Op beide scholen is het plezier en de interesse van de leerlingen voor de lessen waarin ze de eigen

devices mogen gebruiken groter dan voor de reguliere lessen. In het tweede projectjaar ligt de

gemiddelde score op de schaal voor plezier/interesse nog hoger voor de BYOD-lessen. Dit geldt niet

voor de gemiddelde score op de schaal voor de mate van ervaren competentie, deze daalt met de tijd.

De leerlingen op beide scholen lijken zich wat minder competent te voelen in de BYOD-lessen dan in

de reguliere lessen. Ook voor hen is het wellicht onwennig geweest.

Op beide scholen blijkt een aanzienlijke groep van de leerlingen erg positief over de BYOD-lessen en

zij ervaren zelf positieve effecten op hun motivatie, ict-vaardigheden en zelfs ict-gebruik thuis. In de

uitrolfase van het project, 2013-2014, oordelen op al deze punten meer leerlingen positief. Hieruit blijkt

dat de pilot een duidelijke doorwerking heeft gehad.

5.6. Tot besluit

Het project School-IT laat zien dat het inzetten op BYOD bij de leerlingen duidelijk aanslaat. Er is

sprake van een positief effect op de motivatie, leerlingen vinden de lessen aanzienlijk leuker en het

draagt volgens hun eigen zeggen bij aan hun ict-gebruik en ict-vaardigheden. Dit lijkt niet alleen een

korte termijn effect, de reacties van de leerlingen in de verbredingsfase zijn nog positiever. Natuurlijk

is dan nu nog niet bekend of er geen gewenning gaat optreden op de langere termijn. Een

aandachtspunt is het gevoel van competentie van leerlingen. De ict-vaardigheden van leerlingen

verschillen en ook de mediaprofielen: niet elke leerling is een netwerker of producer. Het inzetten van

eigen devices doet een beroep op de ict-vaardigheden en –houding van de leerlingen. Om te

voorkomen dat de leerlingen zich minder competent voelen in de BYOD-lessen, is het van belang

rekening te houden met de verschillen in vaardigheden en houding tussen de leerlingen. Ook het

verschil in (de kwaliteit van) devices waarover de leerlingen beschikken, blijkt een aandachtspunt.

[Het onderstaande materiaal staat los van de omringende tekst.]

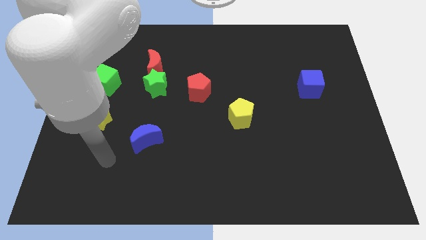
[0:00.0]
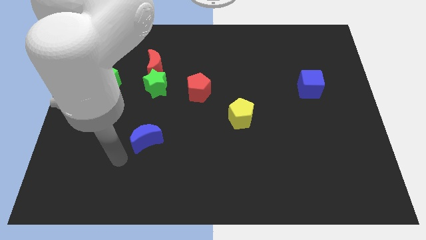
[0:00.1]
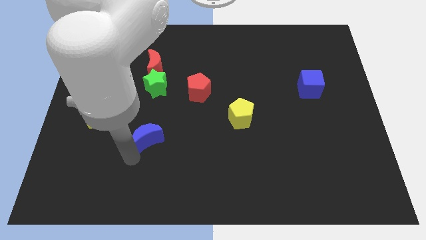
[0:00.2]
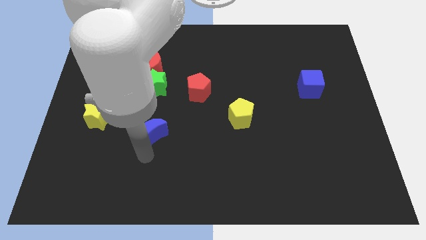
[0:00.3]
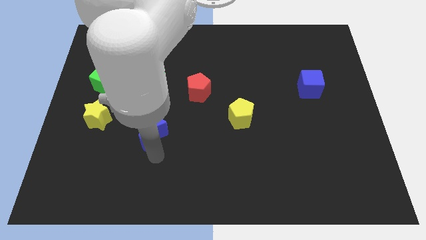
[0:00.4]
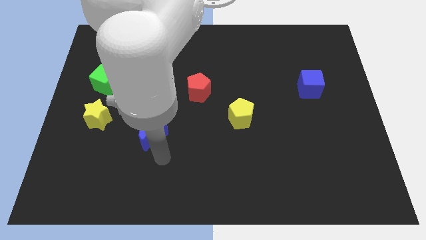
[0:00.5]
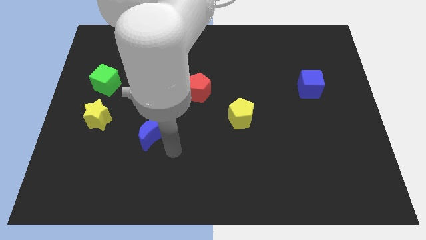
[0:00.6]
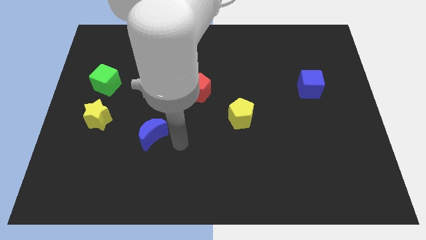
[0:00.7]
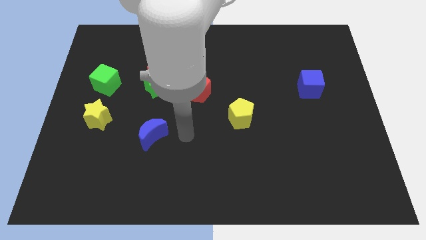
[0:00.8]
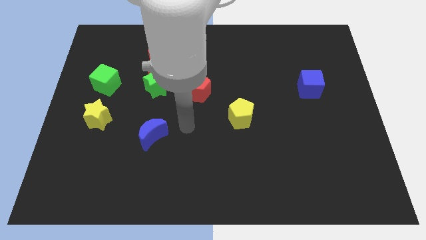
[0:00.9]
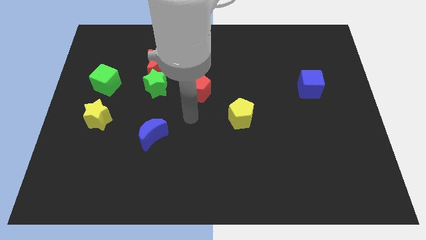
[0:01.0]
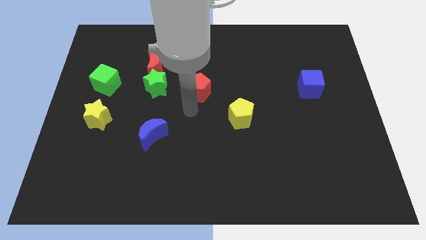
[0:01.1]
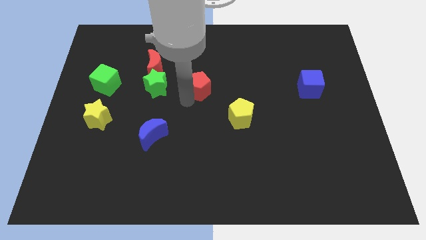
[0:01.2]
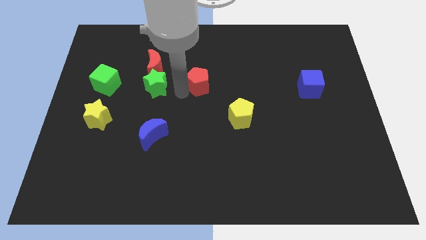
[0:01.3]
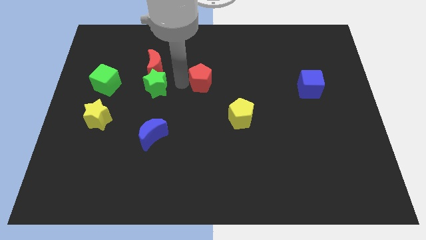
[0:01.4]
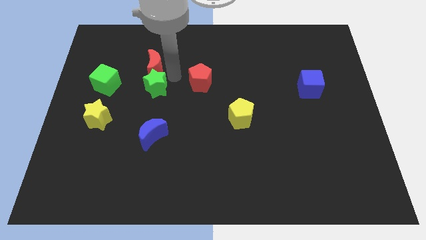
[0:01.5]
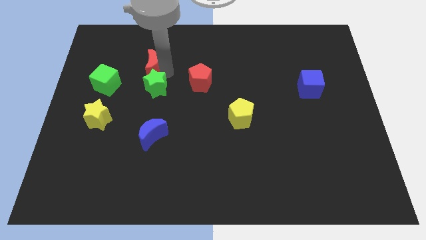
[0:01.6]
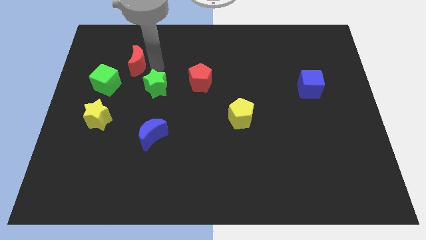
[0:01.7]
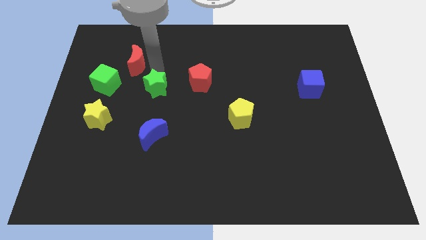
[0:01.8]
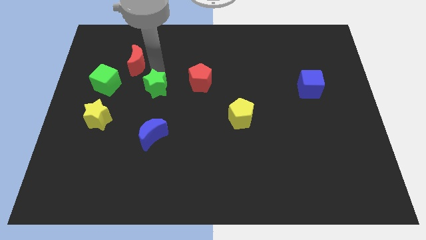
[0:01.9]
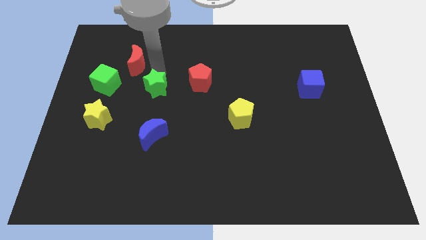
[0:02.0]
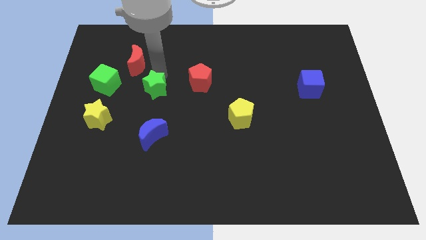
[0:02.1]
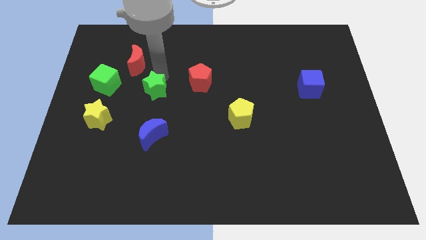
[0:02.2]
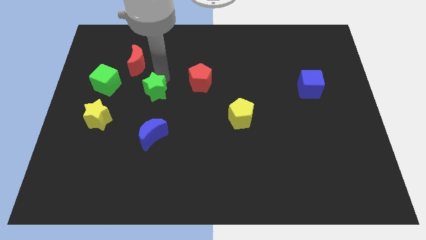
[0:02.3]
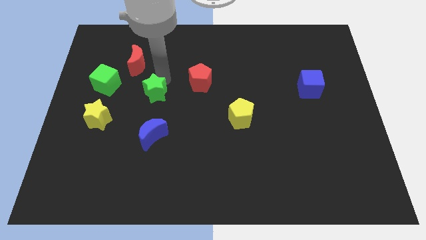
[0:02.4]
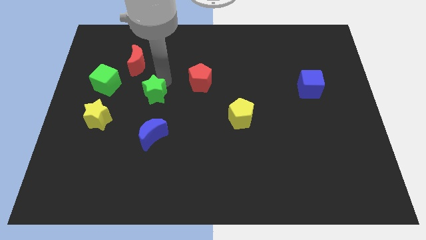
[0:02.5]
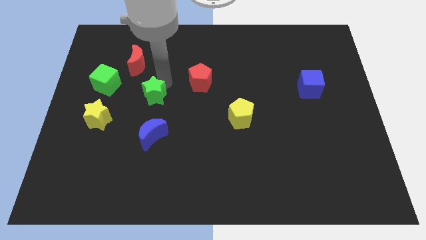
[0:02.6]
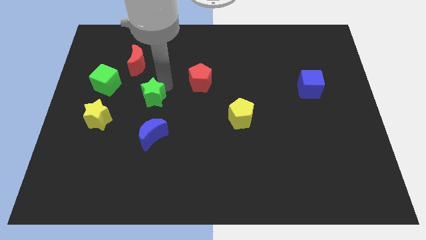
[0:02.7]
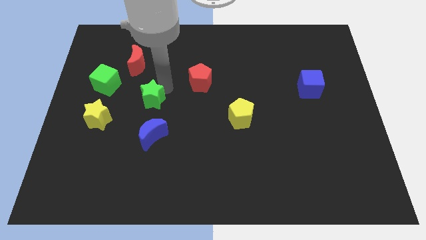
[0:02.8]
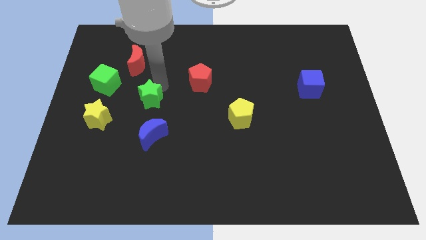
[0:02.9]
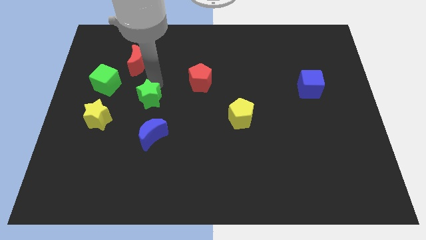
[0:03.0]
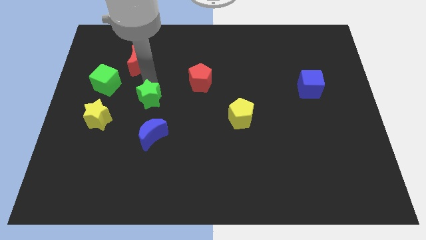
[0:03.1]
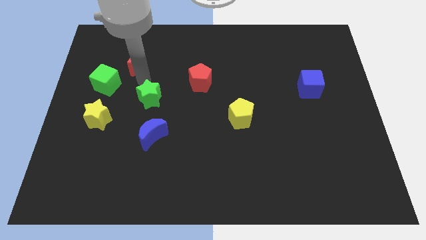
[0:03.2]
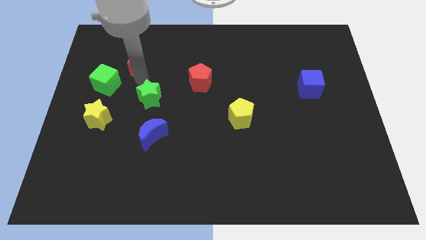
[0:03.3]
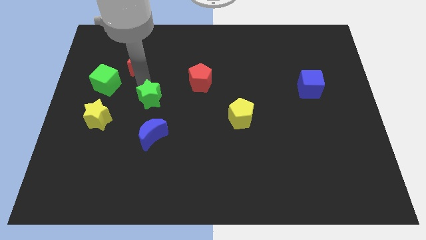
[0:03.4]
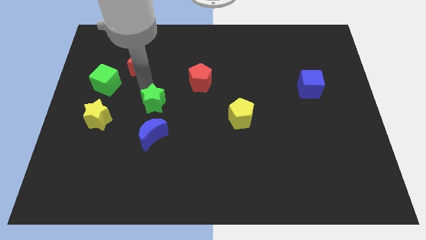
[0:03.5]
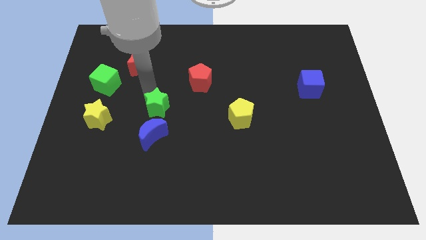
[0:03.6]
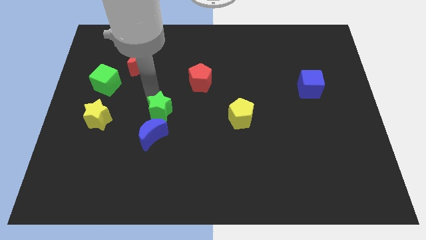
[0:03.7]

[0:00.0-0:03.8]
move the green star a little down

De leraren hebben in dit project veel zelf uit moeten vinden, conform de opzet van dit project. In het

eerste jaar zijn ze daarbij aangelopen tegen een soms nog tekort schietende ict-infrastructuur. Ook

bleek het vinden van geschikte en zinvolle ict-toepassingen niet gemakkelijk, zeker niet bij een nog

niet sterk gearticuleerd onderwijsconcept voor BYOD. Gerichte ondersteuning in de verschillende

fasen van experimenteren en implementeren, lijkt wenselijk, mede vanuit het besef dat de

ondersteuningsvragen variëren al naar gelang de fasen. De behoefte aan een gedragen, schoolbrede

visie op leren met ict en de vertaling in wat dit betekent voor de inrichting van de (vak)lessen, is bij

veel leraren groot. Ook de behoefte aan kennisuitwisseling is bij de leraren duidelijk aanwezig, maar

allereerst laagdrempelig, op een concreet niveau, in de eigen school. Hier zou de schoolleiding sterk

op in moeten zetten en wellicht dat van daaruit de behoefte ontstaat verbindingen te maken met

anderen, buiten de school en zelfs in het buitenland.